Само собой разумеется, что такая редукция всеобщего и осмысленного к чисто фактическому, ограниченному условиями места и времени, не делает чести марксизму. Однако, по чести и совести говоря, он и не может нести ответственность за нее. Но если все это ныне обветшало, в чем состоит особый вклад марксизма, способный двинуть вперед литературоведение? Или об этом лучше молчать?

Посмотрим, что достигнуто в истолковании комедии Грибоедова за несколько десятилетий, прошедших со времени низвержения вульгарной социологии. Во втором томе новой "Краткой литературной энциклопедии", вышедшей уже в 1964 году, нет никакой претензии на социологический анализ, кроме самой общей противоположности добра и зла, передового и реакционного. Вот наиболее выразительное место статьи (О. И. Поповой): "Драматургический конфликт комедии определяется столкновением двух лагерей русской общественности: реакционного дворянства и представителей передового течения в русской жизни - Чацкого, за которым пока еще неотчетливо видятся его единомышленники (князь Федор и др.). Это столкновение выражено как трагическая борьба одинокого борца со сплоченным, еще торжествующим миром Фамусовых, скалозубов, молчалиных... Вольнолюбивый ум Чацкого определяет его протест против существующего режима, но он же образует и "горе" главного героя комедии Грибоедова. Конфликт мыслящего человека-гражданина с косностью общественного механизма характерен для художественного мышления идеологов Просвещения, как западноевропейского, так и русского, в том числе для декабристской идеологии. С этой коллизией связан жанр "Горя от ума" как комедии, носящей гражданский характер" (с. 369-370).

Нельзя не отдать должное новому изданию "Краткой литературной энциклопедии". В нем нет тех сомнительных построений, которые затемняли подлинный смысл комедии Грибоедова во времена увлечения "классовым анализом", но это пока еще только достоинство отрицательное. Что касается положительной идеи статьи, ее рабочего механизма, то перед нами старая схема в более жидком виде. Реакционному лагерю Фамусовых, скалозубов, репетиловых противостоит передовой человек неопределенной социальной окраски. В идеологическом отношении он просветитель похожий на французских просветителей, в национальном отношении - патриот. У него есть, по-видимому, единомышленники - князь Федор, может быть, декабристы. В комедии превосходно обрисованы нравы фамусовской Москвы, язык Грибоедова приближается к живой народной речи. Все это совершенно верно, единожды один - один, но все это было гораздо лучше сказано задолго до марксистского литературоведения Белинским, Герценом, Огаревым, публицистами "Современника", Писаревым, Ап. Григорьевым и особенно Гончаровым. Мы ничего не прибавили к этой схеме, а скорее убавили насыщенность ее содержанием мысли до самой скромной нормы.

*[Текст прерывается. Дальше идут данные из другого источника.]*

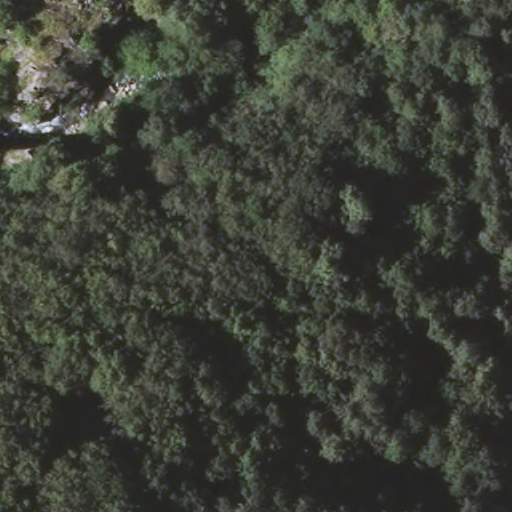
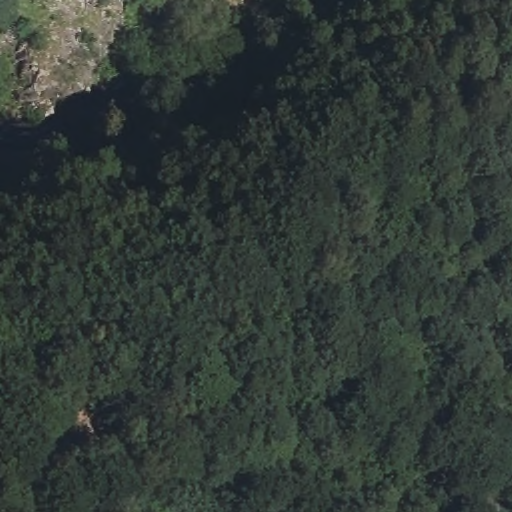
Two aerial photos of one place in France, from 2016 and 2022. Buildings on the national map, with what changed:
[]

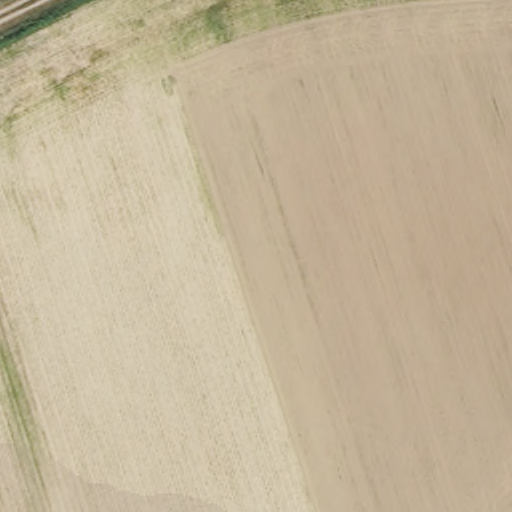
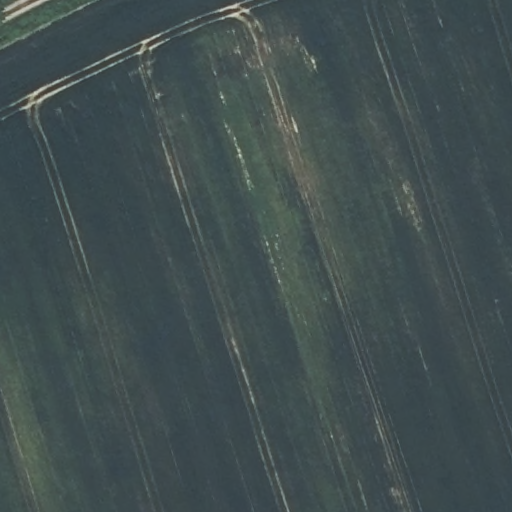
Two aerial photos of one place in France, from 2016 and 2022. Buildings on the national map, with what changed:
[]

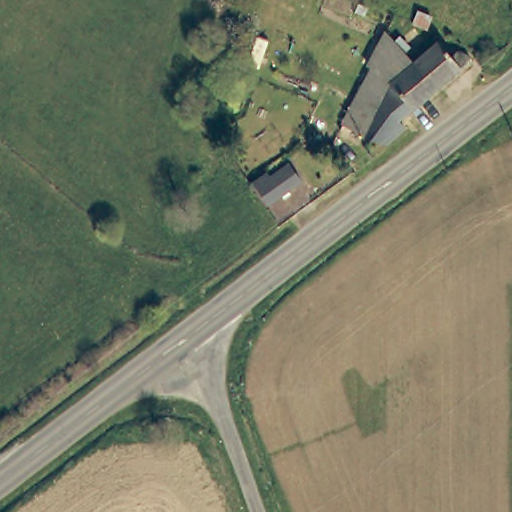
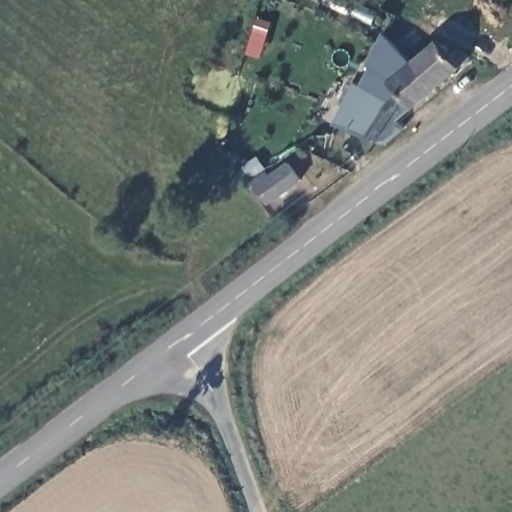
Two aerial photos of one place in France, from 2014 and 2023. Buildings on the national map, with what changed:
unchanged [(371,145),(367,154),(351,149),(357,135),(336,126),(352,88),(380,30),(408,59),(410,58),(415,64),(435,47),(450,55),(452,50),(465,58),(430,89),(402,111),(390,122),(397,131),(376,148),(371,145)]
unchanged [(242,185),(255,175),(260,180),(278,164),(292,180),(258,206),(242,185)]

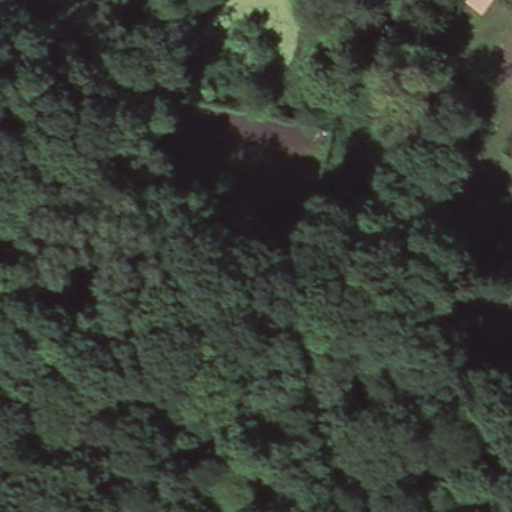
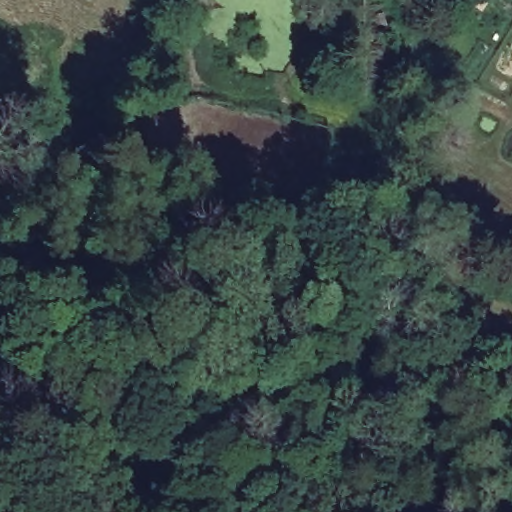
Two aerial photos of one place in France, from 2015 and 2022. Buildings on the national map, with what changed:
unchanged [(385,43),(367,48),(364,37),(371,35),(366,21),(378,18),(385,43)]

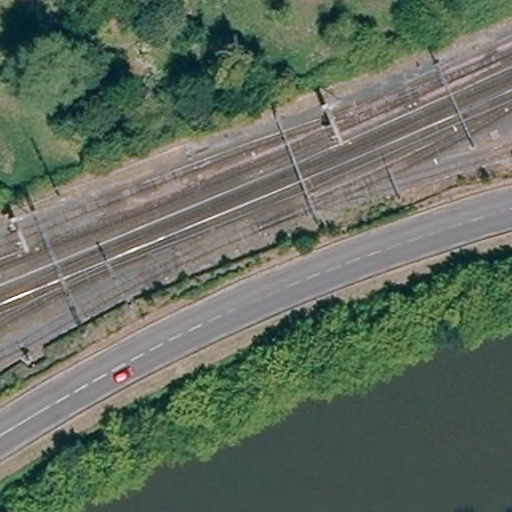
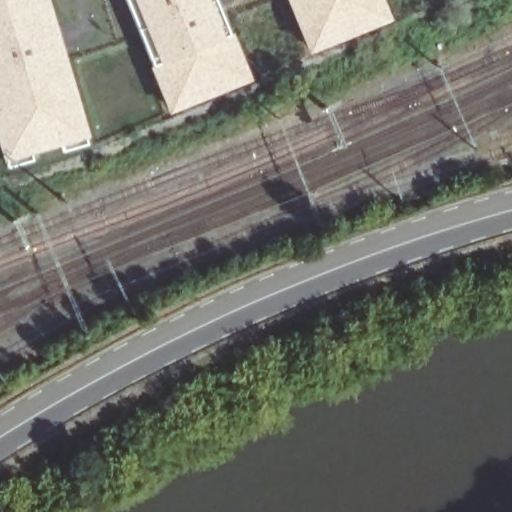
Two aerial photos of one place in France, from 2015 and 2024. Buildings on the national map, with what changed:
new [(90,142),(60,151),(58,145),(30,154),(32,157),(5,166),(0,151),(0,0),(49,0),(58,28),(90,142)]
new [(251,80),(167,113),(149,66),(141,43),(125,0),(216,0),(217,4),(251,80)]
new [(311,47),(292,0),(379,0),(385,16),(311,47)]

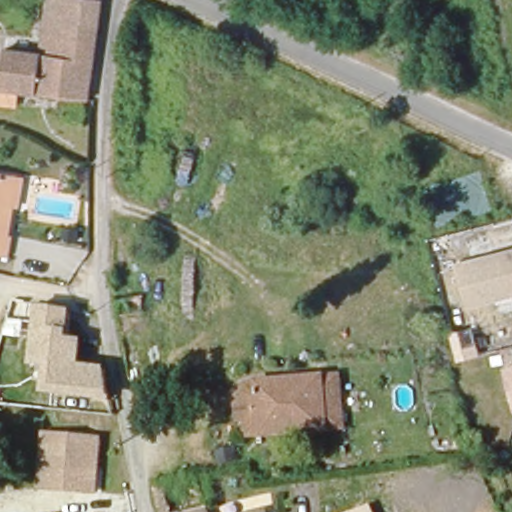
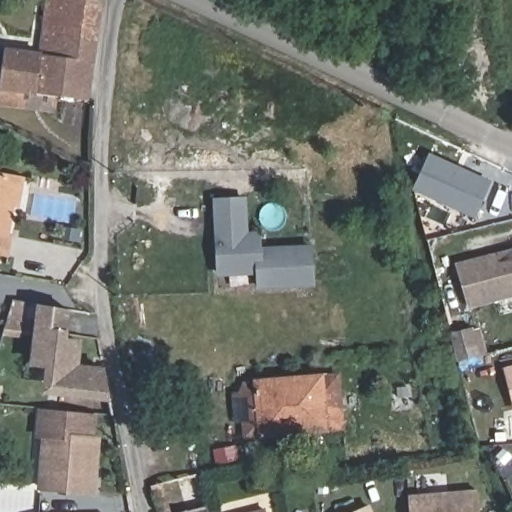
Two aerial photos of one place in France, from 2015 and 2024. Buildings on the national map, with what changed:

И если наш энциклопедический экстракт есть "модель", принятая в настоящее время, то, говоря откровенно, марксизм весь ушел здесь в такой облегченный намек на общественную борьбу, что его не хватило бы даже для истории литературы в духе Тэна. Осталось среднее арифметическое из "передовых идей" - абстрактная мерка демократии, гуманизма и прочих ценностей плюс мастерское изображение действительности и благородное преображение или отрицание ее во имя прогрессивной утопии будущего. Boт мера, принимаемая и применяемая к любому хорошему писателю, но неспособная служить ни литературной науке, то есть раскрытию конкретного смысла художественных произведений, ни даже какой-нибудь занятной мифологии на эти темы. Вы спрашиваете в чем недостатки современного литературоведения? Мне кажется, что главный недостаток его - это недостаток марксизма как действующего, а не как всуе поминаемого метода литературного анализа. Задача, разумеется, не из легких, она трудна, и перед этой трудностью остановилось наше литературоведение, когда единственный серьезный опыт анализа истории литературы в духе Маркса и Ленина был затоптан стадом сикофантов на исходе тридцатых годов.

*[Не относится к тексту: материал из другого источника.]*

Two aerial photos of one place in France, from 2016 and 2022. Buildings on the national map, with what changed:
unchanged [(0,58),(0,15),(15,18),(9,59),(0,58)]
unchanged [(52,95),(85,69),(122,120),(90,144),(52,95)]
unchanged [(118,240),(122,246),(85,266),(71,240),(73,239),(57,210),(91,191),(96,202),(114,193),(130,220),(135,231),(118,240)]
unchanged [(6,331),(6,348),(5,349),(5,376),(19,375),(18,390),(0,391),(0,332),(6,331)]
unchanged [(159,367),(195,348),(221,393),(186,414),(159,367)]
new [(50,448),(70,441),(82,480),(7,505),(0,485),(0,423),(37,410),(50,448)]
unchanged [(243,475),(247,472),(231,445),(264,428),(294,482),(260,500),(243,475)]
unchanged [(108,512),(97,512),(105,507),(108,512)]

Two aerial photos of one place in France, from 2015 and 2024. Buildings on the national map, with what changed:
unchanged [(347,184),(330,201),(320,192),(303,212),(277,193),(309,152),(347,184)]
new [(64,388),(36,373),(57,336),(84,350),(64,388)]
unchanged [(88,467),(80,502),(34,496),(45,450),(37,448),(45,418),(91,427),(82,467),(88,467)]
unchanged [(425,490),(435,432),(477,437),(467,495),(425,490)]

Повторяя школьные истины, мы, собственно, недалеко ушли от социологического метода двадцатых и первой половины тридцатых годов. Если весь смысл комедии "Горе от ума" состоит в разоблачении Фамусова и Скалозуба, то уже в наши дни произведение Грибоедова имеет скорее исторический, чем актуальный интерес. Да, Фамусовы и скалозубы могут еще являться перед нами в другом виде. Очень хорошо или, вернее, очень плохо. Но не значит ли это все же, что внутренний смысл и художественная ценность великого произведения Грибоедова находятся в обратном отношении к развитию социалистической демократии и всего прогрессивногo человечества? Вместе с устранением классового общества и его пережитков "Горе от ума" будет забыто.

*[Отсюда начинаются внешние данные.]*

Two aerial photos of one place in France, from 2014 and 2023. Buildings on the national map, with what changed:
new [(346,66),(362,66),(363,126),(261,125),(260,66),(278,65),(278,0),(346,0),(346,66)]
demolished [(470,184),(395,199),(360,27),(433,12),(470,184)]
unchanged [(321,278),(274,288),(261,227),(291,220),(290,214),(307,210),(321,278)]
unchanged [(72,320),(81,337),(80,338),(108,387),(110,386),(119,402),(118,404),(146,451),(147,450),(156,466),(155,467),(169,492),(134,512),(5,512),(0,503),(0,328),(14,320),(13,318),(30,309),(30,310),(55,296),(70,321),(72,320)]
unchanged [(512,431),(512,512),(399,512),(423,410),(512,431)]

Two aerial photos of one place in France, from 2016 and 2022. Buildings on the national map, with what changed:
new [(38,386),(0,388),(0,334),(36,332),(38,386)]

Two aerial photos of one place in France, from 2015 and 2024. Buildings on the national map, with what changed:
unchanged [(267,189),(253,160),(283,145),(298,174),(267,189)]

Нечто подобное, увы, говорил сам А. В. Луначарский, связанный еще по рукам и ногам уроками старой богдановской школы, владевшей, так сказать, полем боя в форме популярного "классового анализа" двадцатых годов. Его замечательная во всех прочих отношениях юбилейная речь о Грибоедове 1929 года содержит следующее место: "Октябрьская революция нанесла такой разгромляющий удар старому миру, что от него полетели во все стороны черепки. Ни одна революция, когда-либо происходившая на свете, не может хотя бы отдаленно сравняться по радикализму, по своему разрушению и пожару, который был зажжен на земле, с Октябрьской революцией. Этот пожар еще горит, и при свете его мы начинаем строить новое величественное здание, новый град, о котором человечество стенало столько времени. Он постепенно начинает сейчас возвышаться. Но посмотришь кругом и видишь, как из разных нор и щелей выползают знакомые гады". И далее Луначарский с грустью признает, что нет такого магического круга, который помешал бы этим гадам пролезть между каменными глыбами вновь строящегося социалистического града. "Влезая во все отверстия, они всюду сеют тонкую пыль, заразу. Мы ее вдыхаем в себя, и в нас самих заводится иногда омерзительная пакость".

Вот почему возможен еще и Фамусов, возможен и Скалозуб, возможны и "более мелкие гномы и демонята", откуда вывод: "Грибоедов еще жив. Но радостен будет тот час, когда Грибоедов-старик уже не сможет работать вместе с нами, потому что эта работа будет уже кончена". И не только Грибоедов. Аристофан писал "агитки" для афинской публики. "Но Аристофан живет и еще, вероятно, долго проживет, хотя от души желаю всем Аристофанам и Грибоедовым наконец умереть. Я от души желаю, чтобы эти великие тени, которые до сих пор жаждут живой крови и ею питаются, в один прекрасный день сказали: "Ныне отпущаеши", улеглись бы в заранее заготовленные золотые гробницы и после этого использовались бы нашим поколением только в историческом разрезе".

Нужно понять, разумеется, исторические условия, в которых это было сказано. Но теперь уже этих обстоятельств нет, и приведенное рассуждение может служить только доказательством от противного. Сердце не верит тому, что когда-нибудь Торе от ума" будет сложено в золотую гробницу для чисто исторического воспоминания. А между тем оно верит в то, что даже воспоминания о Фамусовых, скалозубах и молчалиных исчезнут навсегда, и память о них сохранится только в учебниках истории.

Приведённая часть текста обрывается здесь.